◆ What the task asks
From the data, return each line holding the word "scale".

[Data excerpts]
□ □ □ □
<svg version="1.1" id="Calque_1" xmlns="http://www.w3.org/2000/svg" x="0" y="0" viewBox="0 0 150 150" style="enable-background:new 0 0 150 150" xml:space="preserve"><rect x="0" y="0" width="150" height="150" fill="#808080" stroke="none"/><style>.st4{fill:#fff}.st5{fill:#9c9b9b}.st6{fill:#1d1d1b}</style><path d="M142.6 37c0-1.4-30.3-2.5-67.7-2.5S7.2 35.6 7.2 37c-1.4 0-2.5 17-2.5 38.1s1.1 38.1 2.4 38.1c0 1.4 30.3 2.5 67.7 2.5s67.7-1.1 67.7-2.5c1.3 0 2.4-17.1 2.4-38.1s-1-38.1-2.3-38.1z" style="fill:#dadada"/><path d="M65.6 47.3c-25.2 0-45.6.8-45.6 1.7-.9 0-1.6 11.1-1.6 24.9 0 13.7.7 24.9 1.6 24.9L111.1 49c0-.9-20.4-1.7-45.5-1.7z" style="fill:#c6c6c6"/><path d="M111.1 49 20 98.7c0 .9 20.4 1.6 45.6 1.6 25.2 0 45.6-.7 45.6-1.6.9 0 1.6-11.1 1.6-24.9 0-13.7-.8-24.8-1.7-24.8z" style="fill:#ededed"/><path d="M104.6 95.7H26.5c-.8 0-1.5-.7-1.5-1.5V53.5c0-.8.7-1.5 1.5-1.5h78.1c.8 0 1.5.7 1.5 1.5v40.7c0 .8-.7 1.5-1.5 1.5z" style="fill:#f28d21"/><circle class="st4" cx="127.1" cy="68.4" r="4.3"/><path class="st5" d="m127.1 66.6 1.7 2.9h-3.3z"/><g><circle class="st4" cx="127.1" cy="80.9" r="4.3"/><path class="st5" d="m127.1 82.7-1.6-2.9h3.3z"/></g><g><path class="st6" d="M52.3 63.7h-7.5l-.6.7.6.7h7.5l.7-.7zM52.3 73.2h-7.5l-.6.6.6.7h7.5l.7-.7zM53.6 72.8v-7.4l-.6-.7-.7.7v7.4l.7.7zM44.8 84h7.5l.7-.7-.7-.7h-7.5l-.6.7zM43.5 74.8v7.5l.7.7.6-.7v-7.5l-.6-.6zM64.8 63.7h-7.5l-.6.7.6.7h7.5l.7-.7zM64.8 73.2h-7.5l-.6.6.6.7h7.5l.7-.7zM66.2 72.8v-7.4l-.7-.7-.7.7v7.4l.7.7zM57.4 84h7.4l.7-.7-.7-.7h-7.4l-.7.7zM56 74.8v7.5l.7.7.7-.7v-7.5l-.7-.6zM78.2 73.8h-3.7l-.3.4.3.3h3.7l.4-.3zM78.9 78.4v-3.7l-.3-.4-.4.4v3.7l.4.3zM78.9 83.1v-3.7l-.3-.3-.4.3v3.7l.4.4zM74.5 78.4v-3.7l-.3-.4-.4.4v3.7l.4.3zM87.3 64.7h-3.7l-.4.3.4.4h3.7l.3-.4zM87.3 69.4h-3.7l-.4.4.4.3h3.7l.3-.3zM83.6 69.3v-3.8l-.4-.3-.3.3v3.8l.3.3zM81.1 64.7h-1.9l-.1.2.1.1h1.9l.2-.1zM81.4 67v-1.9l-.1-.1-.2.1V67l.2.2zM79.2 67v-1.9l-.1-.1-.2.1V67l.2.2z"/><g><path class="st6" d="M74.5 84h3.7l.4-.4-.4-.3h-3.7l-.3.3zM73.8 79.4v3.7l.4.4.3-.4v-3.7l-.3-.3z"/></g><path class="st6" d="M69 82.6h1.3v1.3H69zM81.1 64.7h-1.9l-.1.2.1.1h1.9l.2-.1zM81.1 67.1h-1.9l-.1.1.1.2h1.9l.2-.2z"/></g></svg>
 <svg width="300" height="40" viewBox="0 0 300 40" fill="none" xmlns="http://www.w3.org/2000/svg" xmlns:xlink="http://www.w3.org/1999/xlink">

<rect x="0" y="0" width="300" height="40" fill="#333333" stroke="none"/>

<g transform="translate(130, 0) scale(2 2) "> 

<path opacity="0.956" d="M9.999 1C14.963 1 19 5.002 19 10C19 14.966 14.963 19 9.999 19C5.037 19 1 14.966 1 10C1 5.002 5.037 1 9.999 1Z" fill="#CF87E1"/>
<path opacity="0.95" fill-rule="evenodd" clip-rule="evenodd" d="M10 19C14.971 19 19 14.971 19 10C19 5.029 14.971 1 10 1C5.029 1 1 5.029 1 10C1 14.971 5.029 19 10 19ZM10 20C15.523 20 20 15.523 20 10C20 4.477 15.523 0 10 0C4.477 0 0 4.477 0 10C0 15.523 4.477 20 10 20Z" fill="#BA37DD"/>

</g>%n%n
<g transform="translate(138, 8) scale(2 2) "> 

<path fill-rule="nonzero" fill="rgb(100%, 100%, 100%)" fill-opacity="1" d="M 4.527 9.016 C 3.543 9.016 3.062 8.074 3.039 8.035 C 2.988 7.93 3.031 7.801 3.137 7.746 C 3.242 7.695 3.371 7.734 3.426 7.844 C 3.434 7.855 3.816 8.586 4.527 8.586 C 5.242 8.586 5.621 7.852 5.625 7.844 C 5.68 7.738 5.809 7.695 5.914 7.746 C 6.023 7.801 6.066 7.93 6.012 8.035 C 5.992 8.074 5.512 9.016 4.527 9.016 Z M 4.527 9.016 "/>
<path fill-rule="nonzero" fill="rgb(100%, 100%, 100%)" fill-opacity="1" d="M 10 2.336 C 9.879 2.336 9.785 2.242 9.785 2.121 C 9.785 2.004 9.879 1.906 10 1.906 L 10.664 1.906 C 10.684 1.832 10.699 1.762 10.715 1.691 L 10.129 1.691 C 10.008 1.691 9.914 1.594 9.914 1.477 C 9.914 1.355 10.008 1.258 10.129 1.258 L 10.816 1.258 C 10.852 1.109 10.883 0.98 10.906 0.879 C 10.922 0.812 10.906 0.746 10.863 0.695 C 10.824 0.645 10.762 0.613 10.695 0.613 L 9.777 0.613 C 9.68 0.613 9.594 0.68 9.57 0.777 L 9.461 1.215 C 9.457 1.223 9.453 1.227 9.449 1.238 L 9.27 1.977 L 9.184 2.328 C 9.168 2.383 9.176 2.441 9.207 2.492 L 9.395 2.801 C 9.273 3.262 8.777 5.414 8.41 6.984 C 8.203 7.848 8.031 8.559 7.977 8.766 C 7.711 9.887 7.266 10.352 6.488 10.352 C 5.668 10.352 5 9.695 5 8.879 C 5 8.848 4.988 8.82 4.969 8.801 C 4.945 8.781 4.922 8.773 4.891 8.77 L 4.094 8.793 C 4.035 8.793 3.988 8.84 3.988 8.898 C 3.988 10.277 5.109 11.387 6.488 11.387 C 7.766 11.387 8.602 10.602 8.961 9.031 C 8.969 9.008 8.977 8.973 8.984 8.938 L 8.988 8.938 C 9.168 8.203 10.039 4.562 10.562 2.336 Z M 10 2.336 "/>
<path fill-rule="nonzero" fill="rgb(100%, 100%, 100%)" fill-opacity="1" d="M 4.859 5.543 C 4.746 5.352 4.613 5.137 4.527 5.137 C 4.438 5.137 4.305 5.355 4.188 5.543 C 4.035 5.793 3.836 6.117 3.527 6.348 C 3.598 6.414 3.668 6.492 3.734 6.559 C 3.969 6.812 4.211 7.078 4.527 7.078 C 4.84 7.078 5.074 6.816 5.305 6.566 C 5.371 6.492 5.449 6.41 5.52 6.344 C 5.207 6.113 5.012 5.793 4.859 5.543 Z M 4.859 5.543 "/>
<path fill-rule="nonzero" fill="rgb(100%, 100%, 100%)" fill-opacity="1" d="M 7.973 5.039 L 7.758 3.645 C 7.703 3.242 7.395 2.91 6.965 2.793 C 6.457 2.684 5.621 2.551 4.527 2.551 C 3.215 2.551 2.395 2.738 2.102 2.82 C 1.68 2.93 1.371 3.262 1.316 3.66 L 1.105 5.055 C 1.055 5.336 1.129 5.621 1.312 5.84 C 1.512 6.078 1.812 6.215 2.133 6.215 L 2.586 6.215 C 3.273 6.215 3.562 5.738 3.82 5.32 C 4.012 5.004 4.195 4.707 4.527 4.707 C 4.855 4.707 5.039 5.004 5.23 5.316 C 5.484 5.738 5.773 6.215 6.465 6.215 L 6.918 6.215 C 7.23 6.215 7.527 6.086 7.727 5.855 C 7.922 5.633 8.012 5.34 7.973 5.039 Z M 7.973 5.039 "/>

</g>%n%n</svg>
□ □ □ □
◆ Result
<g transform="translate(130, 0) scale(2 2) "> 
<g transform="translate(138, 8) scale(2 2) "> 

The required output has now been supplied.